■ **THE TASK**:
Your reply should be an exact copy of every entry, with the pictures removed.

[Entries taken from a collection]

+ + + +

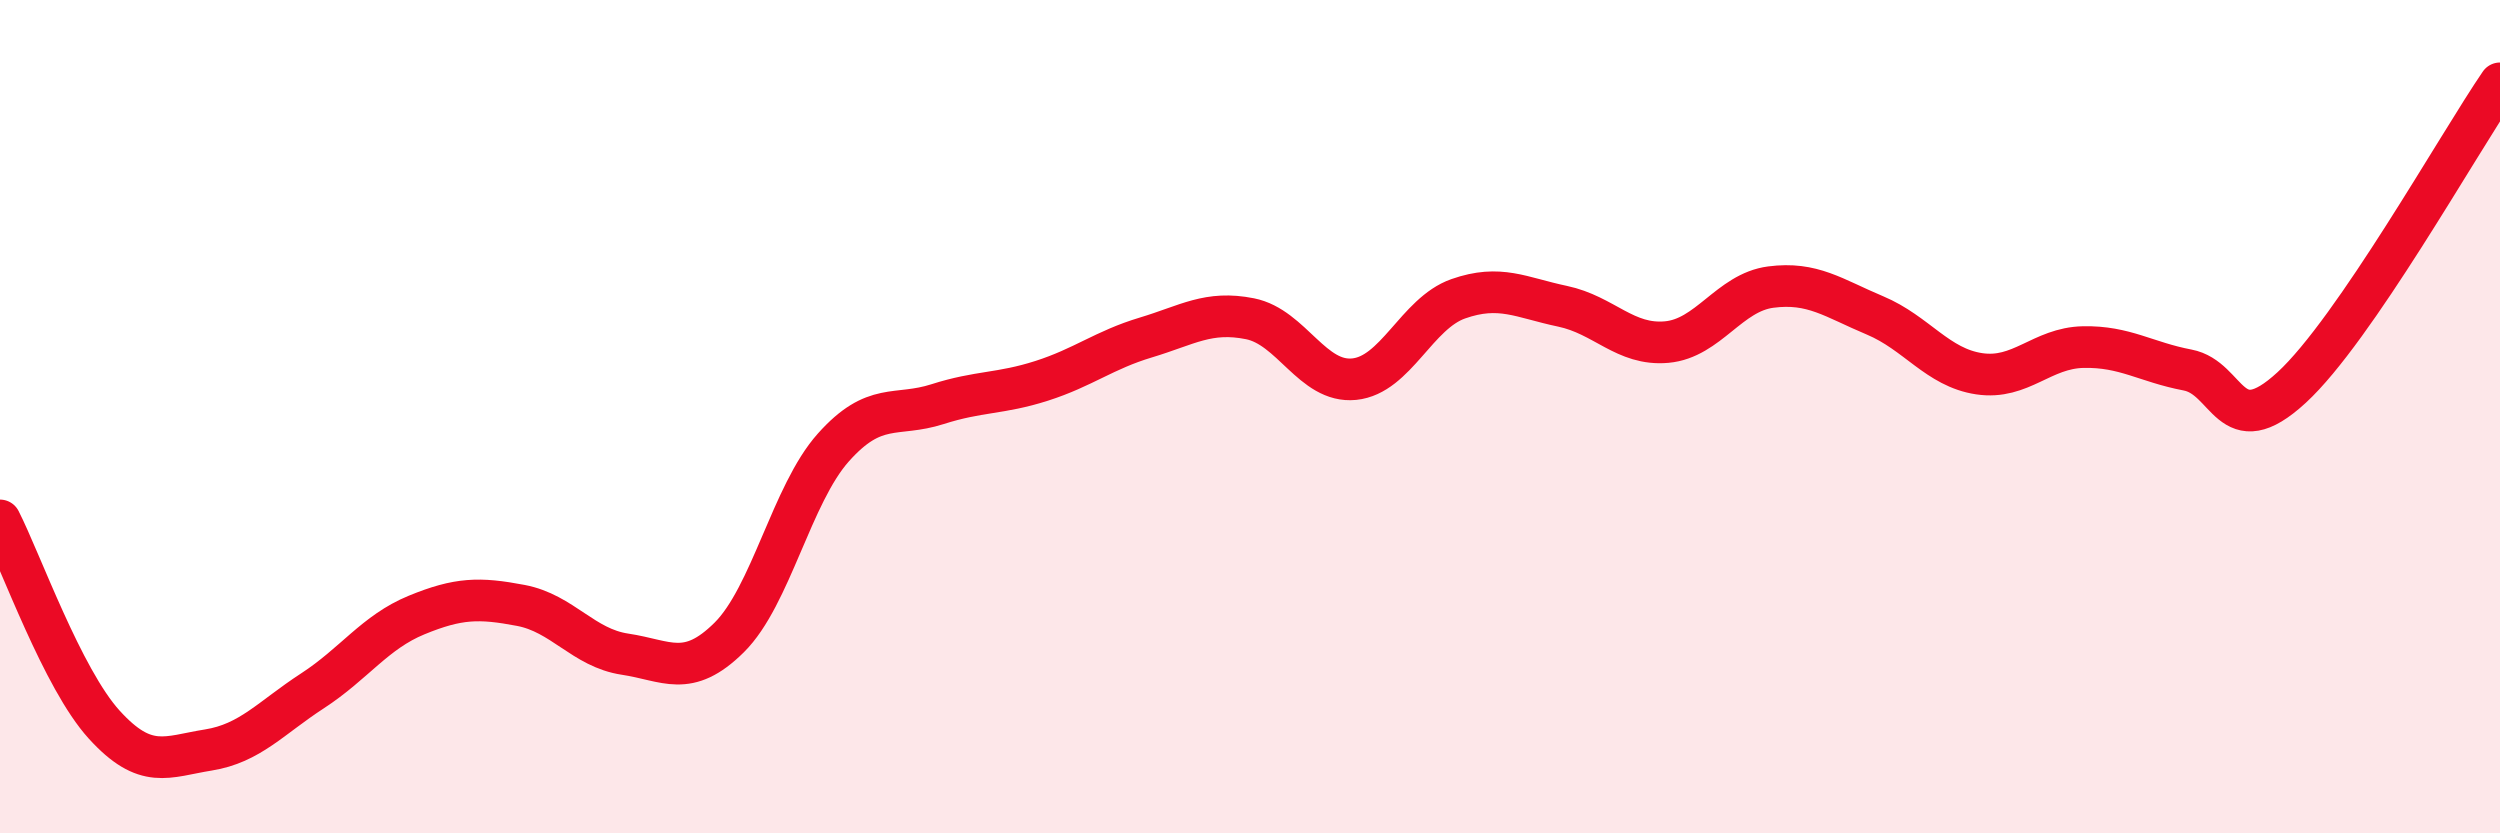 
    <svg width="60" height="20" viewBox="0 0 60 20" xmlns="http://www.w3.org/2000/svg">
      <path
        d="M 0,12.49 C 0.5,13.47 1.5,16.29 2.5,17.39 C 3.5,18.49 4,18.16 5,18 C 6,17.84 6.5,17.23 7.5,16.58 C 8.5,15.93 9,15.17 10,14.76 C 11,14.35 11.5,14.34 12.5,14.53 C 13.5,14.72 14,15.55 15,15.7 C 16,15.85 16.5,16.29 17.5,15.3 C 18.5,14.31 19,11.86 20,10.74 C 21,9.62 21.5,10.02 22.5,9.7 C 23.5,9.38 24,9.46 25,9.14 C 26,8.82 26.5,8.4 27.5,8.1 C 28.5,7.8 29,7.45 30,7.65 C 31,7.85 31.5,9.2 32.5,9.1 C 33.5,9 34,7.52 35,7.17 C 36,6.82 36.5,7.14 37.5,7.35 C 38.5,7.56 39,8.3 40,8.21 C 41,8.12 41.5,7.02 42.5,6.89 C 43.5,6.76 44,7.15 45,7.57 C 46,7.99 46.5,8.82 47.5,8.97 C 48.5,9.12 49,8.35 50,8.33 C 51,8.31 51.5,8.69 52.5,8.88 C 53.5,9.07 53.5,10.68 55,9.3 C 56.5,7.92 59,3.46 60,2L60 20L0 20Z"
        fill="#EB0A25"
        opacity="0.1"
        stroke-linecap="round"
        stroke-linejoin="round"
      />
      <path
        d="M 0,12.49 C 0.5,13.47 1.5,16.29 2.5,17.39 C 3.5,18.49 4,18.16 5,18 C 6,17.84 6.5,17.23 7.5,16.58 C 8.5,15.93 9,15.17 10,14.76 C 11,14.35 11.5,14.34 12.5,14.53 C 13.5,14.72 14,15.55 15,15.7 C 16,15.85 16.5,16.29 17.5,15.3 C 18.5,14.31 19,11.86 20,10.74 C 21,9.62 21.5,10.02 22.5,9.7 C 23.5,9.38 24,9.46 25,9.14 C 26,8.82 26.5,8.4 27.5,8.1 C 28.5,7.8 29,7.45 30,7.65 C 31,7.85 31.5,9.2 32.5,9.1 C 33.5,9 34,7.52 35,7.17 C 36,6.82 36.5,7.14 37.5,7.35 C 38.5,7.56 39,8.3 40,8.21 C 41,8.12 41.5,7.02 42.5,6.89 C 43.5,6.76 44,7.15 45,7.57 C 46,7.99 46.5,8.82 47.5,8.97 C 48.5,9.12 49,8.35 50,8.33 C 51,8.31 51.5,8.69 52.5,8.88 C 53.5,9.07 53.5,10.68 55,9.3 C 56.5,7.92 59,3.46 60,2"
        stroke="#EB0A25"
        stroke-width="1"
        fill="none"
        stroke-linecap="round"
        stroke-linejoin="round"
      />
    </svg>
  
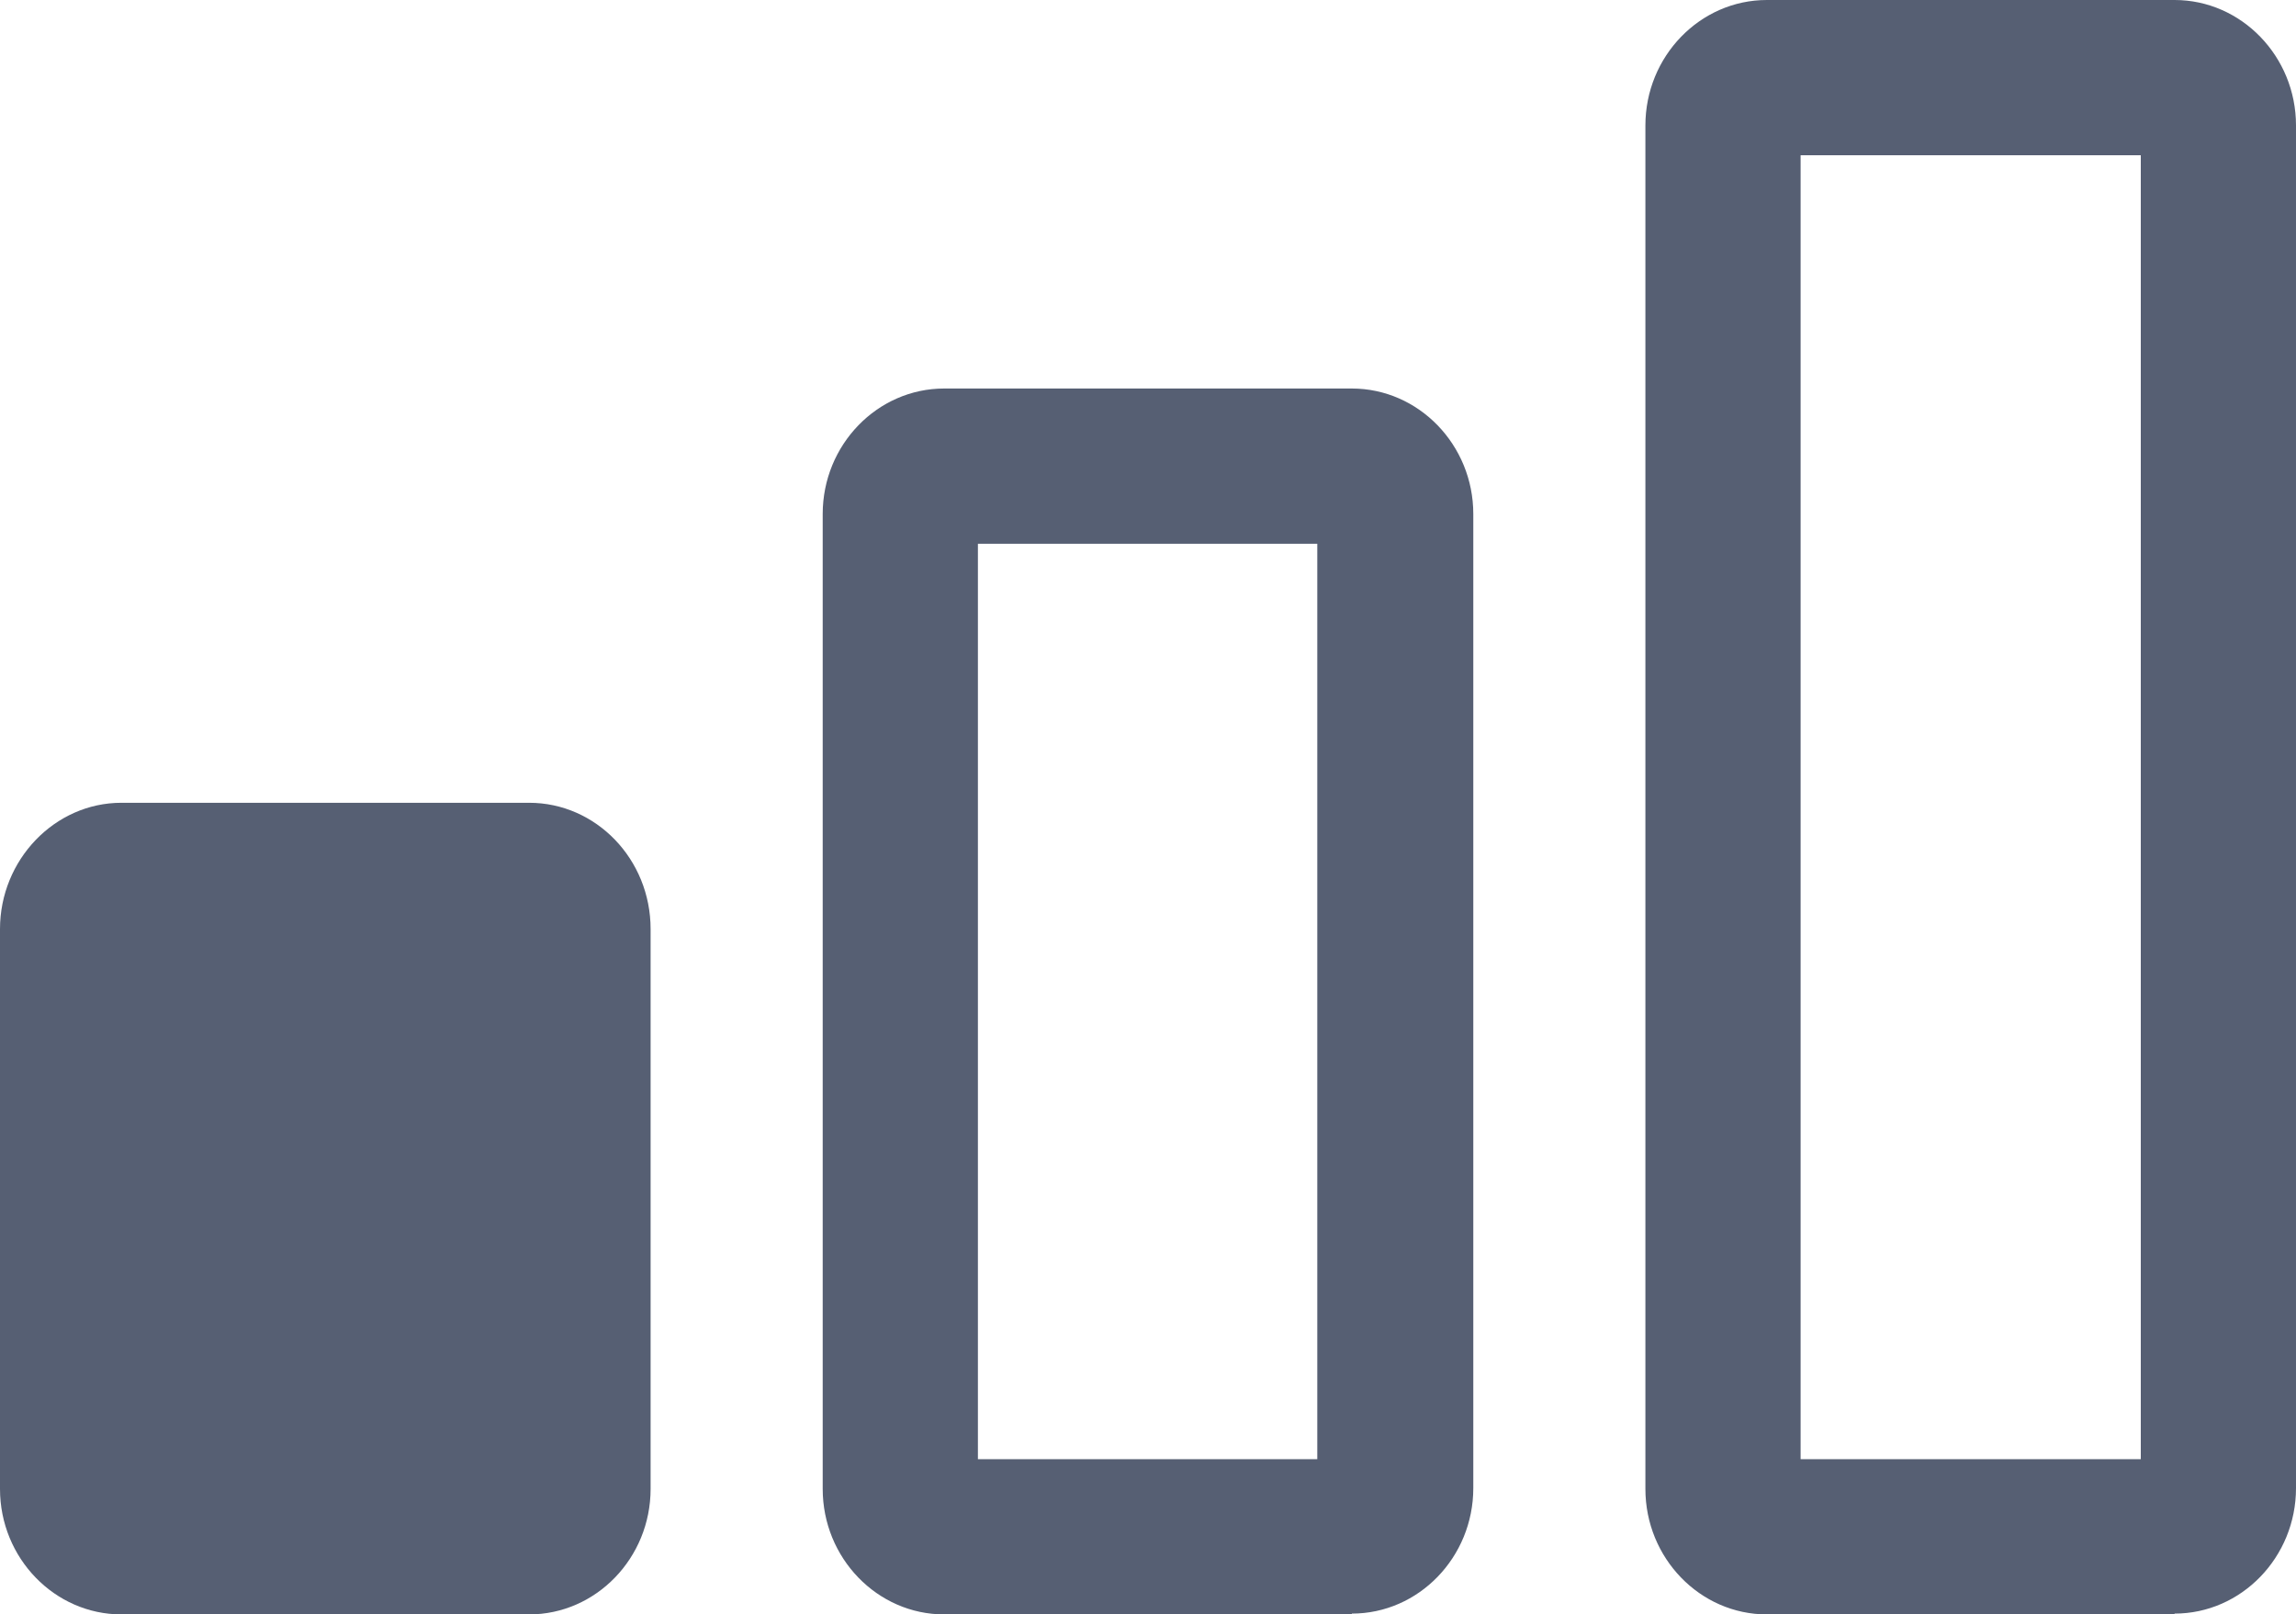 <?xml version="1.0" encoding="UTF-8"?> <svg xmlns="http://www.w3.org/2000/svg" id="a" viewBox="0 0 28.55 20.07"> <defs> <style>.b{fill:#565f73;}</style> </defs> <path class="b" d="M6.58,20.07H1.51c-.83,0-1.51-.7-1.51-1.56v-6.96c0-.86,.68-1.57,1.51-1.57H6.58c.83,0,1.51,.7,1.51,1.57v6.96c0,.86-.68,1.56-1.51,1.56Zm-4.65-1.93H6.16v-6.22H1.93v6.22Z"></path> <path class="b" d="M16.81,20.07h-5.07c-.83,0-1.51-.7-1.51-1.56V6.39c0-.86,.68-1.56,1.51-1.56h5.07c.83,0,1.51,.7,1.51,1.56v12.11c0,.86-.68,1.56-1.51,1.56Zm-4.65-1.93h4.22V6.76h-4.22v11.38Z"></path> <path class="b" d="M27.04,20.07h-5.07c-.83,0-1.51-.7-1.51-1.56V1.56c0-.86,.68-1.56,1.51-1.56h5.07c.83,0,1.51,.7,1.51,1.56V18.5c0,.86-.68,1.56-1.51,1.56Zm-4.65-1.93h4.23V1.93h-4.23V18.13Z"></path> <rect class="b" x="1.21" y="11.27" width="6" height="7"></rect> </svg>

+ + + +

■ **RESULT OF THE EXERCISE**:
    <svg width="60" height="20" viewBox="0 0 60 20" xmlns="http://www.w3.org/2000/svg">
      <path
        d="M 0,12.49 C 0.5,13.47 1.5,16.29 2.5,17.39 C 3.5,18.49 4,18.16 5,18 C 6,17.84 6.5,17.23 7.5,16.58 C 8.5,15.93 9,15.17 10,14.76 C 11,14.35 11.5,14.34 12.5,14.53 C 13.5,14.72 14,15.55 15,15.7 C 16,15.85 16.5,16.29 17.5,15.3 C 18.5,14.31 19,11.86 20,10.74 C 21,9.62 21.5,10.02 22.5,9.7 C 23.5,9.38 24,9.46 25,9.14 C 26,8.82 26.5,8.4 27.5,8.1 C 28.5,7.8 29,7.45 30,7.65 C 31,7.85 31.5,9.2 32.5,9.1 C 33.5,9 34,7.52 35,7.17 C 36,6.82 36.5,7.14 37.5,7.35 C 38.5,7.56 39,8.3 40,8.21 C 41,8.12 41.5,7.02 42.5,6.89 C 43.5,6.76 44,7.15 45,7.57 C 46,7.99 46.5,8.82 47.5,8.97 C 48.5,9.12 49,8.35 50,8.33 C 51,8.31 51.5,8.69 52.5,8.88 C 53.5,9.07 53.5,10.68 55,9.3 C 56.5,7.92 59,3.46 60,2L60 20L0 20Z"
        fill="#EB0A25"
        opacity="0.1"
        stroke-linecap="round"
        stroke-linejoin="round"
      />
      <path
        d="M 0,12.49 C 0.5,13.47 1.5,16.29 2.5,17.39 C 3.5,18.49 4,18.16 5,18 C 6,17.84 6.5,17.23 7.5,16.58 C 8.5,15.93 9,15.17 10,14.76 C 11,14.35 11.5,14.34 12.5,14.53 C 13.5,14.72 14,15.55 15,15.7 C 16,15.85 16.5,16.29 17.5,15.3 C 18.5,14.31 19,11.86 20,10.74 C 21,9.62 21.5,10.02 22.5,9.7 C 23.5,9.38 24,9.46 25,9.14 C 26,8.82 26.5,8.4 27.5,8.1 C 28.5,7.8 29,7.45 30,7.65 C 31,7.85 31.5,9.2 32.5,9.1 C 33.5,9 34,7.52 35,7.17 C 36,6.82 36.5,7.14 37.5,7.35 C 38.5,7.56 39,8.3 40,8.21 C 41,8.12 41.5,7.02 42.5,6.89 C 43.5,6.76 44,7.15 45,7.57 C 46,7.99 46.5,8.82 47.5,8.97 C 48.5,9.12 49,8.35 50,8.33 C 51,8.31 51.5,8.69 52.5,8.88 C 53.5,9.07 53.5,10.68 55,9.3 C 56.5,7.92 59,3.46 60,2"
        stroke="#EB0A25"
        stroke-width="1"
        fill="none"
        stroke-linecap="round"
        stroke-linejoin="round"
      />
    </svg>
  
 <?xml version="1.0" encoding="UTF-8"?> <svg xmlns="http://www.w3.org/2000/svg" id="a" viewBox="0 0 28.55 20.07"> <defs> <style>.b{fill:#565f73;}</style> </defs> <path class="b" d="M6.58,20.07H1.51c-.83,0-1.51-.7-1.51-1.56v-6.96c0-.86,.68-1.57,1.51-1.57H6.58c.83,0,1.51,.7,1.51,1.57v6.96c0,.86-.68,1.56-1.51,1.56Zm-4.65-1.93H6.16v-6.22H1.93v6.22Z"></path> <path class="b" d="M16.81,20.07h-5.07c-.83,0-1.51-.7-1.51-1.56V6.39c0-.86,.68-1.56,1.51-1.56h5.07c.83,0,1.51,.7,1.51,1.56v12.11c0,.86-.68,1.56-1.51,1.56Zm-4.65-1.93h4.22V6.76h-4.22v11.38Z"></path> <path class="b" d="M27.04,20.07h-5.07c-.83,0-1.51-.7-1.51-1.56V1.56c0-.86,.68-1.56,1.51-1.56h5.07c.83,0,1.51,.7,1.51,1.56V18.5c0,.86-.68,1.56-1.51,1.56Zm-4.65-1.93h4.23V1.93h-4.23V18.13Z"></path> <rect class="b" x="1.21" y="11.27" width="6" height="7"></rect> </svg>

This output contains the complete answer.